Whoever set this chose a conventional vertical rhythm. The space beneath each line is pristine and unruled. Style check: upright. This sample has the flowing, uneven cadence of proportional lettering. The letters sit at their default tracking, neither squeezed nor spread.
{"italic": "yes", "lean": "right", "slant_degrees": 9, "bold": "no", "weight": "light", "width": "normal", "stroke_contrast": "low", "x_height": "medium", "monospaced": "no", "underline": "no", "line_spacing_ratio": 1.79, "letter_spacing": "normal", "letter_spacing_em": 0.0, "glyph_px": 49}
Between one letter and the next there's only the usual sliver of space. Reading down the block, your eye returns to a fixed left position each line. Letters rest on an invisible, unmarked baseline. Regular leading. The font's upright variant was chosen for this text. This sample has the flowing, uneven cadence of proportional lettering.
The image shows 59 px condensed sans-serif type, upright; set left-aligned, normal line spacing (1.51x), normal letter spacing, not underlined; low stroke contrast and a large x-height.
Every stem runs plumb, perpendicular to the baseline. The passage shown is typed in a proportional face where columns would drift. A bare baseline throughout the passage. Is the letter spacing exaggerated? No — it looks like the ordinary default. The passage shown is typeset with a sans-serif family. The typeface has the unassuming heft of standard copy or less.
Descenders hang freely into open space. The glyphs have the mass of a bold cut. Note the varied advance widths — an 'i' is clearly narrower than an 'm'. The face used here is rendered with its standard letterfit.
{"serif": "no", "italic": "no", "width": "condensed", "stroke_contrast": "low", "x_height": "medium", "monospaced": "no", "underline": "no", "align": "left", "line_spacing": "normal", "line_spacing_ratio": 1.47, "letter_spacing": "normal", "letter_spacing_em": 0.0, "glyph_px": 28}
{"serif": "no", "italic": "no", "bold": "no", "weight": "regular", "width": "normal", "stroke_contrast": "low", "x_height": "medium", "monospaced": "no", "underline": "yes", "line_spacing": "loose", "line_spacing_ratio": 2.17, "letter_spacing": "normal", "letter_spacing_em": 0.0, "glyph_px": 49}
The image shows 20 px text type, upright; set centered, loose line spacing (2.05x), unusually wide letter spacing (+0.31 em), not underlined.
--- --- ---
> **Description of the task**
Word for word, transcribe the entire listing shown above.

> **Answer to this exercise**
Whoever set this chose a conventional vertical rhythm. The space beneath each line is pristine and unruled. Style check: upright. This sample has the flowing, uneven cadence of proportional lettering. The letters sit at their default tracking, neither squeezed nor spread.
{"italic": "yes", "lean": "right", "slant_degrees": 9, "bold": "no", "weight": "light", "width": "normal", "stroke_contrast": "low", "x_height": "medium", "monospaced": "no", "underline": "no", "line_spacing_ratio": 1.79, "letter_spacing": "normal", "letter_spacing_em": 0.0, "glyph_px": 49}
Between one letter and the next there's only the usual sliver of space. Reading down the block, your eye returns to a fixed left position each line. Letters rest on an invisible, unmarked baseline. Regular leading. The font's upright variant was chosen for this text. This sample has the flowing, uneven cadence of proportional lettering.
The image shows 59 px condensed sans-serif type, upright; set left-aligned, normal line spacing (1.51x), normal letter spacing, not underlined; low stroke contrast and a large x-height.
Every stem runs plumb, perpendicular to the baseline. The passage shown is typed in a proportional face where columns would drift. A bare baseline throughout the passage. Is the letter spacing exaggerated? No — it looks like the ordinary default. The passage shown is typeset with a sans-serif family. The typeface has the unassuming heft of standard copy or less.
Descenders hang freely into open space. The glyphs have the mass of a bold cut. Note the varied advance widths — an 'i' is clearly narrower than an 'm'. The face used here is rendered with its standard letterfit.
{"serif": "no", "italic": "no", "width": "condensed", "stroke_contrast": "low", "x_height": "medium", "monospaced": "no", "underline": "no", "align": "left", "line_spacing": "normal", "line_spacing_ratio": 1.47, "letter_spacing": "normal", "letter_spacing_em": 0.0, "glyph_px": 28}
{"serif": "no", "italic": "no", "bold": "no", "weight": "regular", "width": "normal", "stroke_contrast": "low", "x_height": "medium", "monospaced": "no", "underline": "yes", "line_spacing": "loose", "line_spacing_ratio": 2.17, "letter_spacing": "normal", "letter_spacing_em": 0.0, "glyph_px": 49}
The image shows 20 px text type, upright; set centered, loose line spacing (2.05x), unusually wide letter spacing (+0.31 em), not underlined.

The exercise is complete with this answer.